# What do you miss most about WebOS?



## johnvan (Oct 15, 2011)

My touchpad is much better with Android but last night I was forced to boot into WebOS due to flaky Wi-fi at a public hotspot.
It made me realize how much I missed being able to touch on the battery/Wi-Fi dock and choose a network, see my battery life percentage and dim my screen.
I also miss the email app, it's much nicer looking.
I preferred the Facebook App as well.
The cards were awesome too.
Not enough to go back though.
Any way to add some of these things to Android?


----------



## austinb324 (Aug 28, 2011)

Nothing.


----------



## dvader (Jul 3, 2011)

Nothing


----------



## dajogejr (Jul 13, 2011)

Nothing. To be honest I'm in webos 75% of the time. The browser is poop. But email and the cards,truly a better tablet OS. The browser and the lacking apps have always been the drawback for me. Otherwise for a tablet ill take webos.

Don't get me wrong. What the CM7 team has done for a $100 tabletis amazing and I am very thankful.

For an alpha build it is very solid.

But by no means am I turning my back on webos


----------



## Varemenos (Aug 23, 2011)

Definitely the multitask swiping cards


----------



## sonofskywalker3 (Aug 25, 2011)

Only one thing. Wifi Profiles. I have a static ip setup at my workplace, and it's a major pain to have to switch static IP's depending on which work network i'm on, and switch back to dhcp when i leave the office. In WebOS it stores static/dynamic ip information on a per network basis, which is extremely convenient.


----------



## PhantomApollyon (Aug 20, 2011)

Everything but it's lack of the android market and it's terrible browser.

What the CM team have done is awesome, and I will use it when it's more stable for sure.

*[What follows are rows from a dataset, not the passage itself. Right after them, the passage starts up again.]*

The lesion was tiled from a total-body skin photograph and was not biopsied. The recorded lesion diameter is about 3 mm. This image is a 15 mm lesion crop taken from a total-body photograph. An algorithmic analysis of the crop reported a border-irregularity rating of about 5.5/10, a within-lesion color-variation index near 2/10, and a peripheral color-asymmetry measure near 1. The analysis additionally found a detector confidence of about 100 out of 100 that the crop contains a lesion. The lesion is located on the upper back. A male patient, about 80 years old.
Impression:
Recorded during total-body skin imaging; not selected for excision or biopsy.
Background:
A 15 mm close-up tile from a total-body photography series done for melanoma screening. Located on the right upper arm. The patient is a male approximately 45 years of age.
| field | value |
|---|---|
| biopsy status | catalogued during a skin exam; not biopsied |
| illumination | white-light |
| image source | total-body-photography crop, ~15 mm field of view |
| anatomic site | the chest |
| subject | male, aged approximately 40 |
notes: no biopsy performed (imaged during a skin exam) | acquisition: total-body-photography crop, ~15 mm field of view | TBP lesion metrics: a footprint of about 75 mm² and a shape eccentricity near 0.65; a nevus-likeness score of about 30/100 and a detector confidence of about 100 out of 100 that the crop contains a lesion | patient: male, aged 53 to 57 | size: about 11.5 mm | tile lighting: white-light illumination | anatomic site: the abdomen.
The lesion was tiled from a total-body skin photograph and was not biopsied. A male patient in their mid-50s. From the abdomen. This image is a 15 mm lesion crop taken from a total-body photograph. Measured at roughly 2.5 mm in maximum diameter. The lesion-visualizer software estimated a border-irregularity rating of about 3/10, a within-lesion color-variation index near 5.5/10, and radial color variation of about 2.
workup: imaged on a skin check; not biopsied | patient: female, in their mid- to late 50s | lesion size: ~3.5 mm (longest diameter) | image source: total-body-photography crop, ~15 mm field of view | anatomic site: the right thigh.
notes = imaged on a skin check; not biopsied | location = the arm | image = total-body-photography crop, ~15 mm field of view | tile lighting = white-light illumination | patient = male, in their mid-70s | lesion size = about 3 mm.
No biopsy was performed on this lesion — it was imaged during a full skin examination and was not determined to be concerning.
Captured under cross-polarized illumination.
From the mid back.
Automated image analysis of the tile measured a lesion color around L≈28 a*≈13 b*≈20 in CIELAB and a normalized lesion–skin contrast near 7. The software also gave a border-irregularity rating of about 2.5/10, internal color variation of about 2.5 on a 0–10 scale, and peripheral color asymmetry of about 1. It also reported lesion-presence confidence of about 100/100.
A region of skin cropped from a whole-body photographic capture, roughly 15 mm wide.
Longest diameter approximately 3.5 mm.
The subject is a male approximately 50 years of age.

If WebOS had an abundance of developer support to accomplish the tweaking it needs I doubt I'd ever need android for anything to be honest...but since it doesn't then Android is the obvious choice going forward.


----------



## Ommie (Sep 7, 2011)

Nothing.


----------



## thebowers (Jun 11, 2011)

Why would you need to miss it, you have dual boot!


----------



## Bibelo (Oct 13, 2011)

I clearly miss the Cards. For the rest, there's Android. 

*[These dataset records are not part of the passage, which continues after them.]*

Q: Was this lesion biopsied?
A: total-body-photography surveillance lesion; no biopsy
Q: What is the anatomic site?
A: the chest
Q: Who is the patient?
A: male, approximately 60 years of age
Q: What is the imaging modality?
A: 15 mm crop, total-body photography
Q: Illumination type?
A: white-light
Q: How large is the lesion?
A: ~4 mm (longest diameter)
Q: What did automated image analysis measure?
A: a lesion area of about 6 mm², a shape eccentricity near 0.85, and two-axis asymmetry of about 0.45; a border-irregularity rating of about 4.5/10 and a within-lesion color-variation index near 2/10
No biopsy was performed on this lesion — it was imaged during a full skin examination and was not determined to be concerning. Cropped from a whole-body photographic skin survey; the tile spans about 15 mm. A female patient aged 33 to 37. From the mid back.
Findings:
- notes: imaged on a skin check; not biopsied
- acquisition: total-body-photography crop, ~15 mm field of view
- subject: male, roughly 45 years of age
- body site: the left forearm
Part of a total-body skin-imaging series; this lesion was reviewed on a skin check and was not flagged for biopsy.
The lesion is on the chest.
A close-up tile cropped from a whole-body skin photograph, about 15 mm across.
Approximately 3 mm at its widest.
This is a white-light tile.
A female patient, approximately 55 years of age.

I mainly use my tablet for PDF viewing. The only app I found on the WebOS was the poopy Adobe reader, which was totally waste in real situations, like, hugh, reading a book. It would take 30 secs to open a file, and would take forever to display the next page (and I'm not talking about jumping further in the book).


----------



## jpierson (Aug 24, 2011)

The cards were very cool... but I like being able to customize my desktop to my needs... so far I have been 5 days without booting into webos and the more apps I install the less I miss anything about webos... and this is an ALPHA so I cant wait to see what is next!


----------



## androideric (Oct 6, 2011)

thebowers said:


> Why would you need to miss it, you have dual boot!


This.


----------



## tupoar (Oct 13, 2011)

For me, it's gotta be the email app, wireless profiles and cards. If they could be ported to Android then it would be a no-brainer....


----------



## lnfound (Oct 14, 2011)

Bibelo said:


> I clearly miss the Cards. For the rest, there's Android.
> 
> I mainly use my tablet for PDF viewing. The only app I found on the WebOS was the poopy Adobe reader, which was totally waste in real situations, like, hugh, reading a book. It would take 30 secs to open a file, and would take forever to display the next page (and I'm not talking about jumping further in the book).

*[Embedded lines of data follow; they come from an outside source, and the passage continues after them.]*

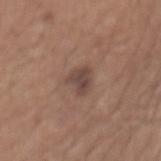Recorded during total-body skin imaging; not selected for excision or biopsy.
The lesion-visualizer software estimated a lesion area of about 5.5 mm², an outline eccentricity of about 0.65 (0 = round, 1 = elongated), and a symmetry-axis asymmetry near 0.35. The software also gave a border-irregularity rating of about 3.5/10 and a color-variation rating of about 2.5/10.
The subject is a male in their mid-60s.
Located on the mid back.
Longest diameter approximately 3 mm.
A roughly 15 mm field-of-view crop from a total-body skin photograph.
The tile uses white-light illumination.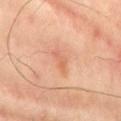workup: no biopsy performed (imaged during a skin exam); anatomic site: the lower back; illumination: cross-polarized; image source: total-body-photography crop, ~15 mm field of view; subject: male, aged around 65.

Did you OC your TP? I found PDFs much more viewable in webOS than Android. EzPDF is the only thing that comes close for me, and still scanned pages seem off at times even with ezPDF reader, pdf to go, and that office app.


----------



## Bibelo (Oct 13, 2011)

Nope I didn't OC the TP, because I find a bit strange to OC a dual-core processor to 1.8GHz just to watch documents... :grin3:

And I'm super fine with EzPDF on Android indeed. Bought it for my HD2/Android and re-using the licence with the TP.


----------



## e-Zee (Oct 17, 2011)

vareblade said:


> Definitely the multitask swiping cards


true, me 2


----------



## hotshotz79 (Oct 16, 2011)

Missing from webOS; Cards, Multi-tasking... looks more polished (not sure if thats 'cuz CM7 is alpha right now)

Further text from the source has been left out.